Now, let’s plot a graph of gravitational field strength against distance for a planet like Mars.

And we’ll use a capital R to represent the radius of the planet.

We’ll start by looking at a few points at different distances from Mars.

This point is on the surface, so its distance from the centre is equal to the radius of Mars, R.

And the gravitational field strength at this point is the gravitational field strength at the surface of Mars.

If we calculated this, we’d find it’s equal to 3.69 newtons per kilogram.

But here, we’ll just call it g_{s} for gravitational field strength at the surface.

Next, if we move to a distance of 2R from the center of the planet, we’ve doubled the distance. So the gravitational field strength is ¼ of g_{s}.

And at a distance of 3R, the gravitational field strength is g_{s}/9.

If we continued doing this for different distances, we’d build up this reciprocal graph

Since it’s a reciprocal graph, the curve never reaches the r axis, the gravitational field keeps getting weaker and weaker as r increases but it never quite reaches zero.

And this makes sense…because we’ve seen that if there aren’t any other masses, a mass’s gravitational field goes on for infinitely long distances…

… but the field strength gets smaller and smaller as we get further away from the source mass.

Next, what about this part of the graph?

Well these distances are all less than the radius of Mars.

That’s all the points below the surface.

Now, we can easily imagine measuring the gravitational field strength below the surface – we’d just need to dig a deep hole in the ground!

But what would happen to the gravitational field strength as we go further below the surface?

You might think it would continue to increase like this.

And if Mars was a point mass, that would be correct.

But Mars is not actually a point mass.

It’s mass is distributed approximately evenly throughout its volume.

So if you could measure the gravitational field strength right at the center of Mars, you’d be right in the center of all that mass.

And there would be mass on all sides, pulling in all directions.

So the gravitational field strengths would cancel out! The total gravitational field strength at the centre would be zero!

Whereas here, there is more mass on this side than on this side ..

… so there would be some total gravitational field strength in this direction…

… but not as much as here

And here would have an even larger gravitational field strength in this direction.

And it turns out that the relationship between these points on the graph is linear.

So the final graph looks like this.

So, in summary…

For a point mass, the graph of gravitational field strength against distance looks like this…

… but real planets are not point masses.

They’re approximately spherical and their mass is…

Real planets are approximately spherical and their mass is distributed over their entire volume.

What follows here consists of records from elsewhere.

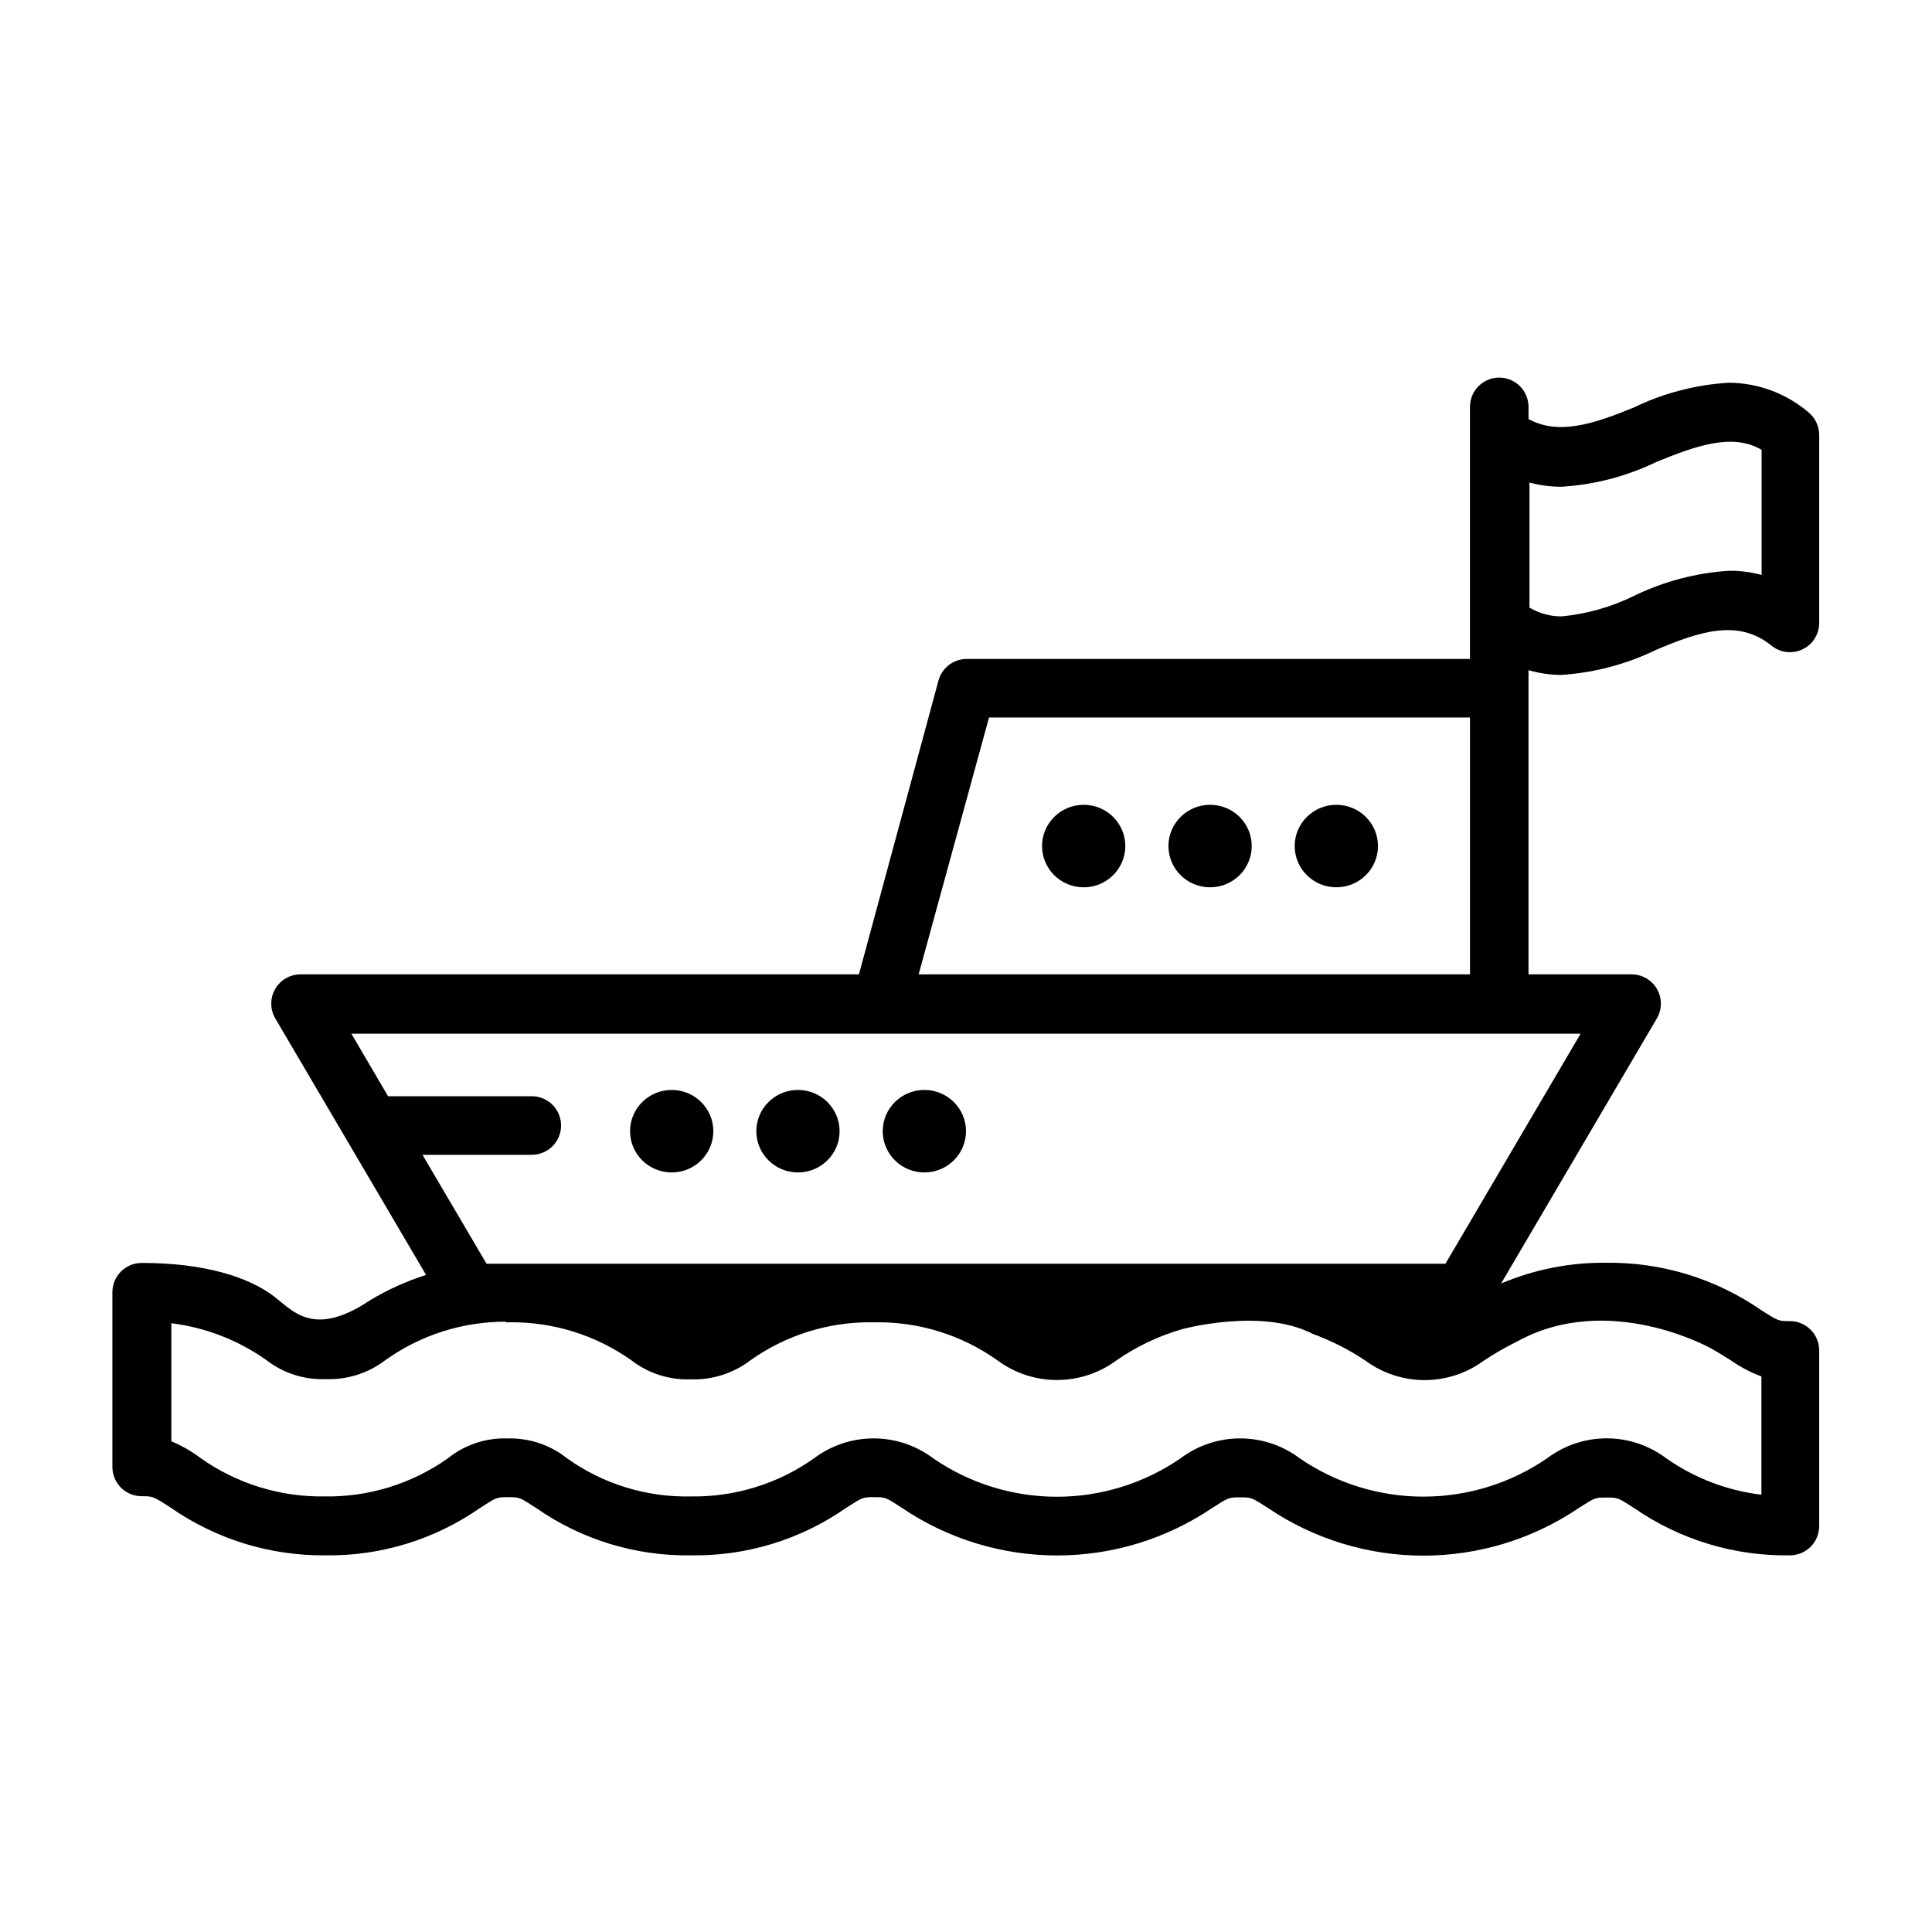 <?xml version="1.0" encoding="UTF-8"?>
<!-- Uploaded to: SVG Repo, www.svgrepo.com, Generator: SVG Repo Mixer Tools -->
<svg fill="#000000" width="800px" height="800px" version="1.1" viewBox="144 144 512 512" xmlns="http://www.w3.org/2000/svg">
 <g>
  <path d="m442.22 368.21c0 6.039-4.941 10.934-11.035 10.934s-11.031-4.894-11.031-10.934c0-6.035 4.938-10.93 11.031-10.93s11.035 4.894 11.035 10.93"/>
  <path d="m475.72 368.21c0 6.039-4.941 10.934-11.035 10.934s-11.035-4.894-11.035-10.934c0-6.035 4.941-10.93 11.035-10.93s11.035 4.894 11.035 10.93"/>
  <path d="m509.18 368.21c0 6.039-4.941 10.934-11.035 10.934s-11.035-4.894-11.035-10.934c0-6.035 4.941-10.93 11.035-10.93s11.035 4.894 11.035 10.93"/>
  <path d="m333.04 443.78c0 6.035-4.941 10.93-11.035 10.93s-11.031-4.894-11.031-10.93c0-6.039 4.938-10.934 11.031-10.934s11.035 4.894 11.035 10.934"/>
  <path d="m366.5 443.78c0 6.035-4.941 10.93-11.035 10.93s-11.031-4.894-11.031-10.93c0-6.039 4.938-10.934 11.031-10.934s11.035 4.894 11.035 10.934"/>
  <path d="m400 443.78c0 6.035-4.941 10.93-11.035 10.93s-11.031-4.894-11.031-10.93c0-6.039 4.938-10.934 11.031-10.934s11.035 4.894 11.035 10.934"/>
  <path d="m216.81 487.71c-6.902-5.34-18.691-9.02-35.266-9.02v0.004c-4.285 0-7.758 3.473-7.758 7.758v46.301c0 4.285 3.473 7.758 7.758 7.758 2.973 0 2.973 0 7.609 2.973h-0.004c12.02 8.391 26.355 12.828 41.012 12.695 14.688 0.23 29.074-4.176 41.109-12.594 4.383-2.82 4.383-2.82 7.406-2.82 3.023 0 2.973 0 7.406 2.871v-0.004c12.027 8.398 26.395 12.789 41.062 12.547 14.688 0.227 29.07-4.18 41.109-12.594 4.383-2.82 4.383-2.82 7.406-2.82 3.023 0 3.023 0 7.406 2.871v-0.004c12.133 8.199 26.441 12.578 41.086 12.578s28.953-4.379 41.086-12.578c4.383-2.82 4.383-2.82 7.406-2.82 3.023 0 3.023 0 7.457 2.871 12.145 8.195 26.461 12.574 41.109 12.574 14.652 0 28.965-4.379 41.109-12.574 4.383-2.82 4.383-2.82 7.406-2.82 3.023 0 3.023 0 7.457 2.871 12.09 8.332 26.48 12.684 41.16 12.445 4.285 0 7.762-3.473 7.762-7.758v-46.555c0-4.285-3.477-7.758-7.762-7.758-3.023 0-3.023 0-7.559-2.871h0.004c-12.047-8.363-26.398-12.766-41.062-12.594-9.582-0.113-19.082 1.754-27.91 5.488l41.262-70.23c1.414-2.406 1.426-5.391 0.031-7.809-1.398-2.418-3.988-3.902-6.781-3.879h-27.258v-80.609c2.769 0.801 5.633 1.223 8.516 1.262 8.746-0.539 17.305-2.781 25.191-6.602 11.789-5.039 21.965-8.262 30.684-1.16h-0.004c2.32 1.883 5.516 2.266 8.211 0.984 2.699-1.277 4.426-3.992 4.438-6.981v-49.875c-0.012-2.328-1.066-4.527-2.871-5.996-5.914-5.019-13.406-7.785-21.16-7.809-8.75 0.535-17.305 2.777-25.191 6.602-10.531 4.281-19.75 7.406-27.809 3.023v-3.223l-0.004-0.004c0-4.285-3.473-7.758-7.758-7.758s-7.758 3.473-7.758 7.758v66.805h-133.56c-3.453 0.09-6.434 2.453-7.309 5.793l-21.059 77.789h-147.97c-2.781-0.004-5.356 1.484-6.742 3.898-1.383 2.418-1.367 5.391 0.043 7.789l39.953 67.965c-5.184 1.652-10.152 3.902-14.812 6.699-14.812 9.926-20.305 3.023-25.293-0.855zm332.52-215.83c2.777 0.75 5.641 1.121 8.516 1.109 8.746-0.535 17.305-2.777 25.188-6.602 10.48-4.281 20.152-7.707 27.809-3.176v33.152h0.004c-2.777-0.746-5.641-1.121-8.516-1.105-8.746 0.535-17.305 2.777-25.191 6.598-6.043 2.988-12.582 4.852-19.293 5.492-2.996 0.016-5.941-0.785-8.516-2.316zm-143.23 62.273h127.46v68.062h-146.11zm-150.14 115.88h28.973c4.285 0 7.758-3.473 7.758-7.758 0-4.285-3.473-7.762-7.758-7.762h-38.09l-9.723-16.574h325.76l-35.82 60.961h-254.12zm22.117 44.387h1.012c11.539-0.125 22.824 3.402 32.242 10.074 4.484 3.477 10.051 5.258 15.719 5.039 5.699 0.207 11.289-1.574 15.82-5.039 9.387-6.66 20.633-10.184 32.141-10.074h1.109c11.527-0.129 22.797 3.398 32.195 10.074 4.566 3.391 10.105 5.223 15.793 5.223s11.227-1.832 15.793-5.223c5.266-3.644 11.086-6.418 17.23-8.211 0 0 21.16-5.844 34.762 1.211l0.004-0.004c4.894 1.797 9.562 4.164 13.902 7.055 4.559 3.375 10.078 5.195 15.746 5.195s11.188-1.82 15.742-5.195c2.816-1.859 5.746-3.543 8.77-5.039 24.285-13.402 51.34 1.812 51.34 1.812 2.016 1.109 3.777 2.266 5.441 3.273l-0.004 0.004c2.465 1.727 5.141 3.133 7.961 4.18v31.34c-9.062-1.086-17.715-4.391-25.191-9.625-4.551-3.449-10.109-5.316-15.82-5.316s-11.266 1.867-15.82 5.316c-9.645 6.602-21.059 10.133-32.746 10.133s-23.102-3.531-32.746-10.133c-4.559-3.441-10.109-5.301-15.82-5.301-5.711 0-11.266 1.859-15.82 5.301-9.637 6.621-21.055 10.164-32.746 10.164-11.695 0-23.113-3.543-32.75-10.164-4.555-3.441-10.109-5.301-15.82-5.301-5.707 0-11.262 1.859-15.816 5.301-9.551 6.754-21.004 10.281-32.699 10.078-11.699 0.25-23.168-3.285-32.695-10.078-4.481-3.582-10.086-5.457-15.82-5.289-5.738-0.195-11.355 1.684-15.82 5.289-9.551 6.754-21.004 10.281-32.699 10.078-11.688 0.172-23.133-3.356-32.695-10.078-2.418-1.836-5.059-3.359-7.859-4.535v-31.285c9.074 1.129 17.73 4.488 25.191 9.773 4.484 3.477 10.051 5.258 15.719 5.039 5.695 0.207 11.289-1.574 15.82-5.039 9.332-6.664 20.523-10.223 31.992-10.176z"/>
 </g>
</svg>

So, below the surface of the planet, the relationship between gravitational field strength and distance is…

Below the surface of the planet, the relationship between gravitational field strength and distance is linear. (click once)

And for a spherical mass with uniform density, the graph of gravitational field strength against distance looks like..

For a spherical mass with uniform density, the graph of gravitational field strength against distance looks like this.